Is it possible to express the jacobi derivative of position with respect to angular displacement easier?

Question

Let

$$ \vec{\omega} = \frac{\vec{s} \times \vec{v}}{\left\lvert s\right\rvert^2} $$

and define

$$ \vec{\theta} = \int \vec{\omega} \,\mathrm{d} t $$ $$ R = \frac{\mathrm{d} \vec{s}}{\mathrm{d} \vec{\theta}} $$ $$ D = \frac{\mathrm{d} \vec{\theta}}{\mathrm{d} \vec{s}} $$

I think one can obtain the relations:

$$ \vec{v} = R \vec{\omega} $$

and

$$ D \vec{v} = \vec{\omega} $$

but how does one solve for $R$ and $D$ themselves?

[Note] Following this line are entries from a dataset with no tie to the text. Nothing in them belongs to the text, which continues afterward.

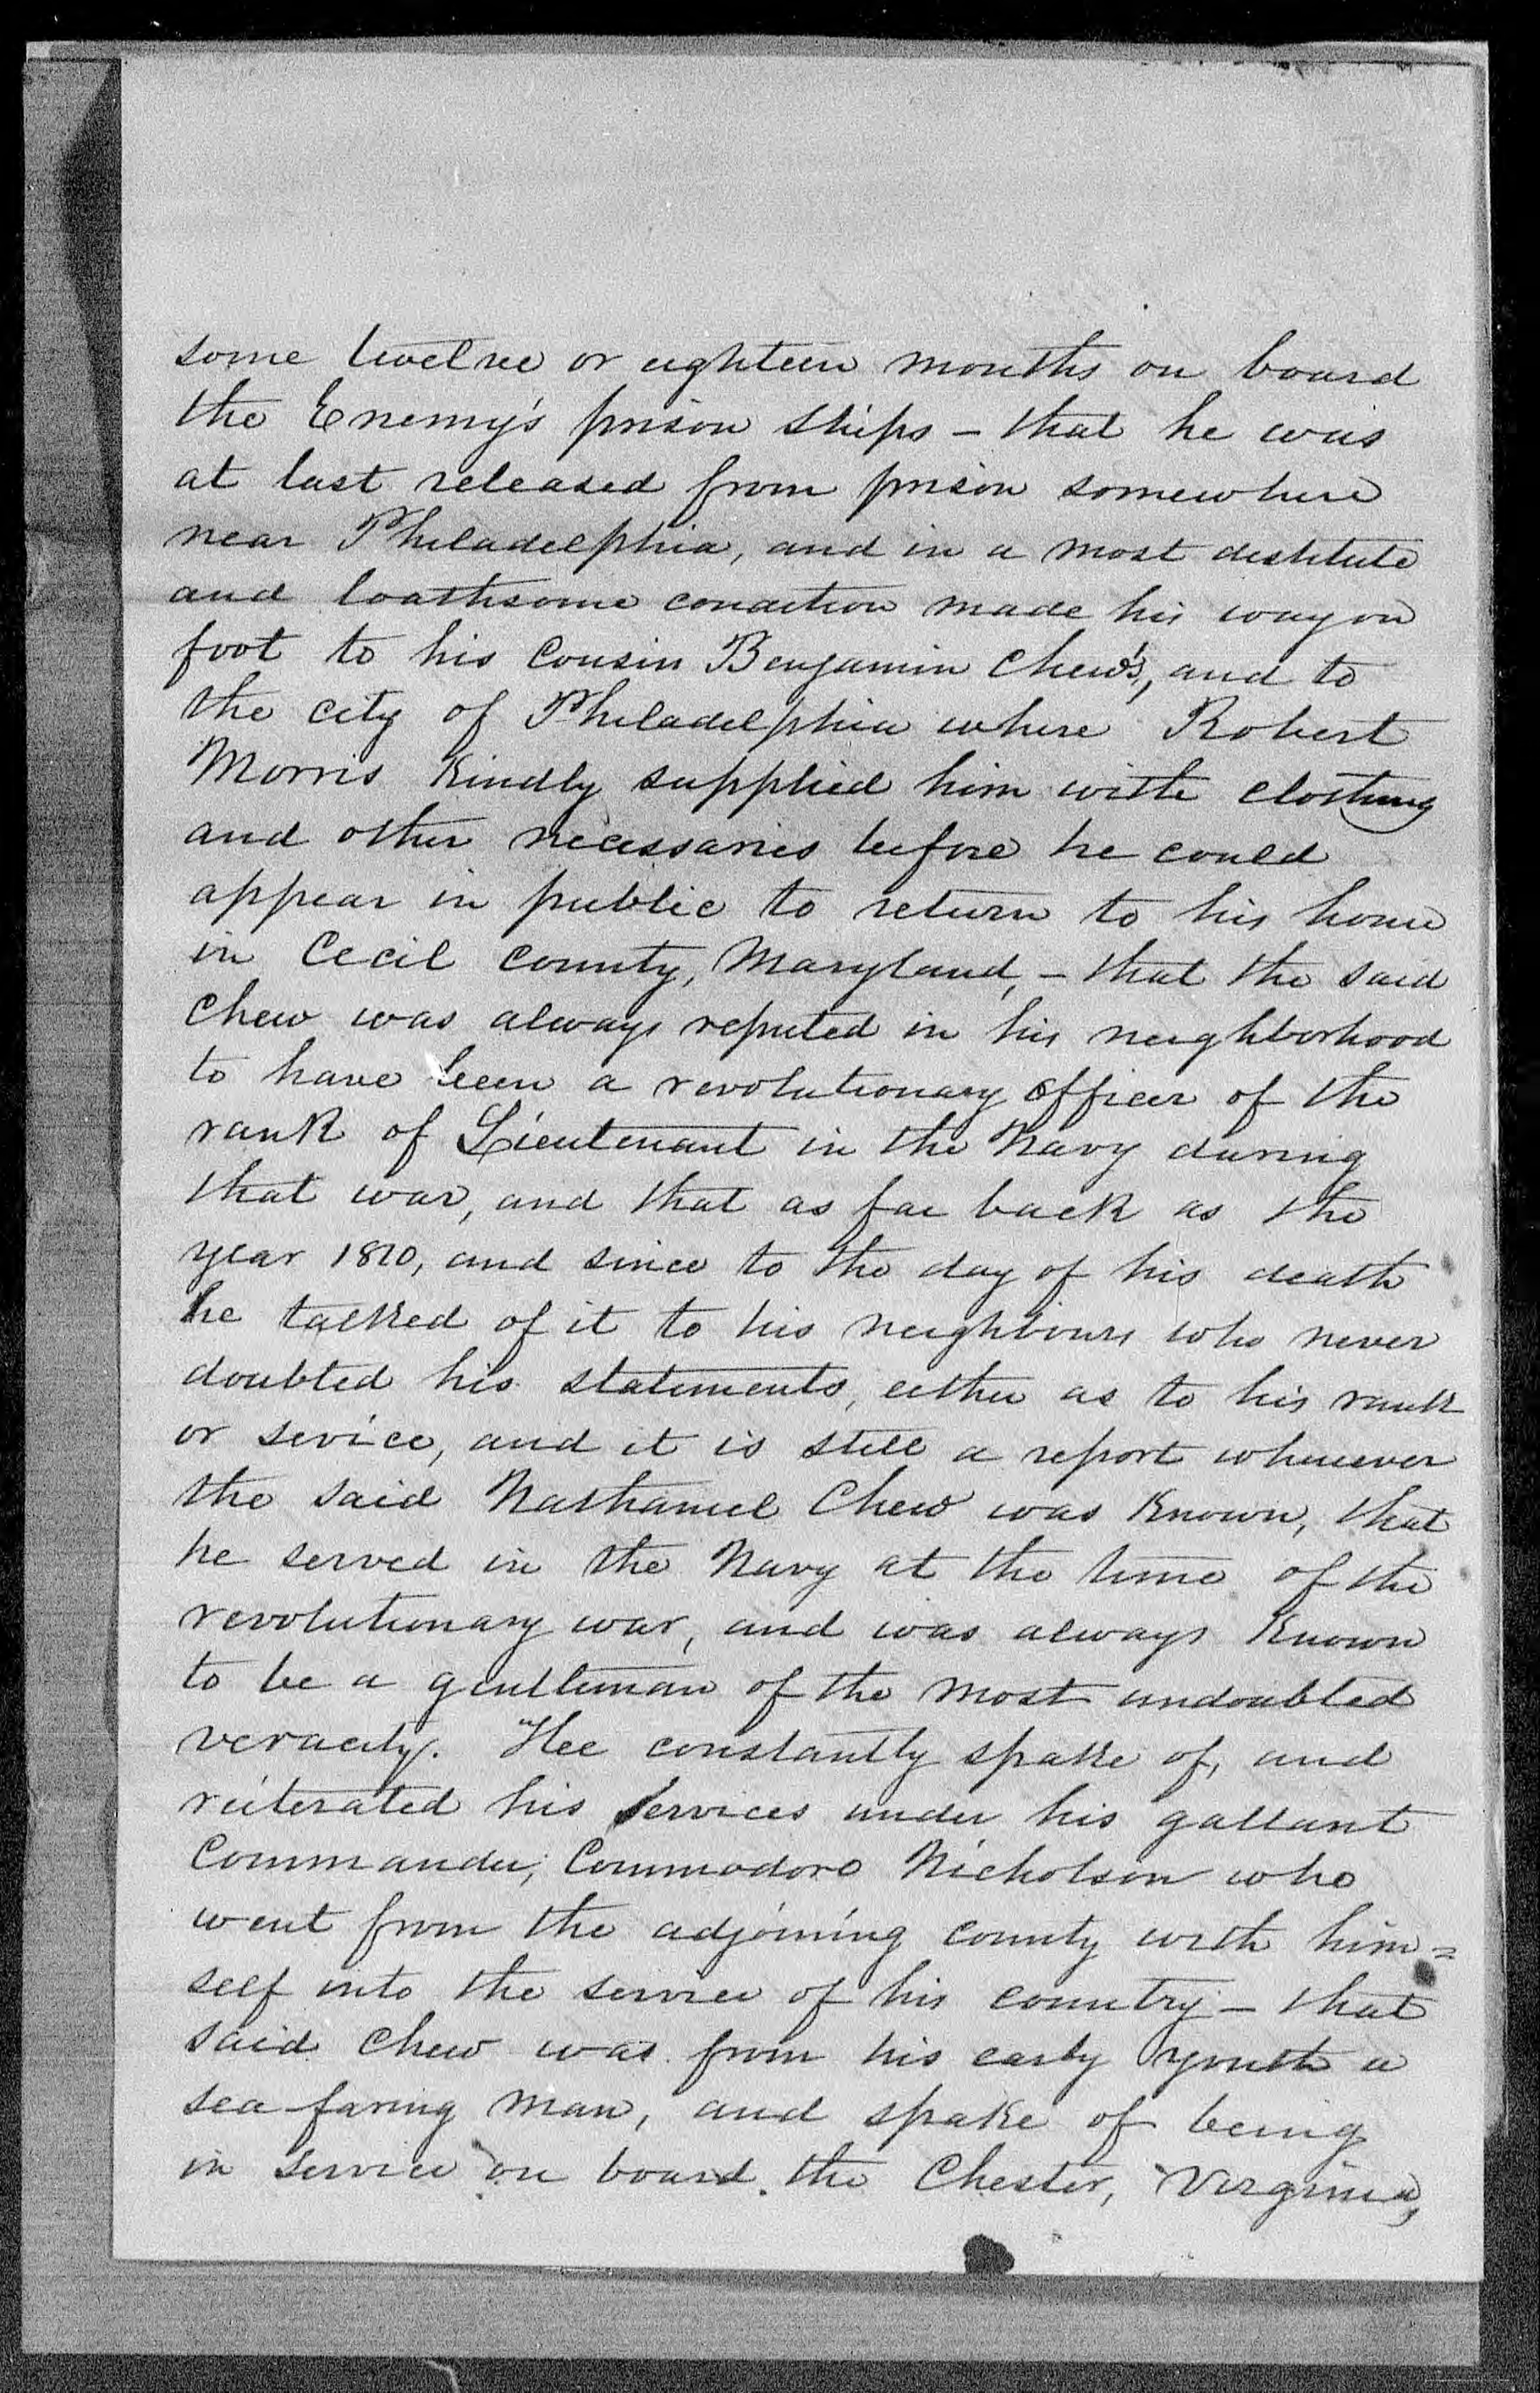some twelve or eighteen months on board
the Enemy's prison Ships - that he was
at last released from prison somewhere 
near Philadelphia, and in a most destitute
and loathsome condition made his way on
foot to his Cousin Benjamin Chew's, and to 
the city of Philadelphia where Robert
Morris Kindly supplied him with clothing
and other necessanis before he could 
appear in public to return to his home
in Cecil County, Maryland - that the said
Chew was always reputed in his neighborhood
to have been a revolutionary officer of the
rank of Lieutenant in the Navy during 
that war, and that as far back as the
year 1820, and since to the day of his death 
he talked of it to his neighbors who never
doubted his statements, either as to his rank
or service, and it is still a report wherever
she said Nathaniel Chew was known, that
he served in the Navy at the time of the
revolutionary war, and was always known
to be a gentleman of the most undoubted
veracity. He constantly spoke of, and 
reiterated his Services under his gallant
Commander; Commondoro Nicholson who
went from the adjoining county with him=
self into the Service of his country - that 
Said Chew was from his early youth a 
Sea faring man, and spoke of being
in Service on board the Chestor, Virginia

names: Chew, Nicholson, Benjamin Chew, Nathaniel Chew, Chew, Robert Morris
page: 11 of 59
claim: widow's
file: W. 9383, Nathaniel Chew, Navy (Md.)

I'm also not sure about the meaning of the two and when each one is well defined.

Answer 1

From $\vec{v} = R\vec{\omega}$

$$ D \vec{v} = \frac{\vec{s} \times \vec{v}}{\left\lvert s\right\rvert^2} $$

$$ D \hat{e}_k = \frac{\vec{s} \times \hat{e}_k}{\left\lvert s\right\rvert^2} $$

$R$ is then the inverse of that but I'm not sure it is always valid to take the inverse.

Answer 2

Notice from your first equation that $w$ is perpendicular to $v$, so $$w\cdot v=0$$

Define a new vector that is perpendicular to both $w$ and $v$ $$b=w\times v$$

Use the "BAC-CAB" rule evaluate the cross product $$\eqalign{ b\times w &= (w\times v)\times w \cr &= w^2v - (w\cdot v)w \cr &= w^2v \cr }$$ Now use the Levi-Civita tensor to define the cross-matrix for $b$ $$\eqalign{ B &= -\varepsilon\cdot b \cr Bw &= b\times w &= w^2v \cr \Big(\frac{B}{w^2}\Big)w &= v \cr\cr }$$ So we have found an expression for the $R$ matrix $$R=\frac{B}{w^2}$$ This result can be simplified to $$\eqalign{R=\frac{vw^T-wv^T}{w^Tw}\cr\cr}$$ It is worth noting that $R$ is singular, so you won't get anywhere with an approach based on $R^{-1}$.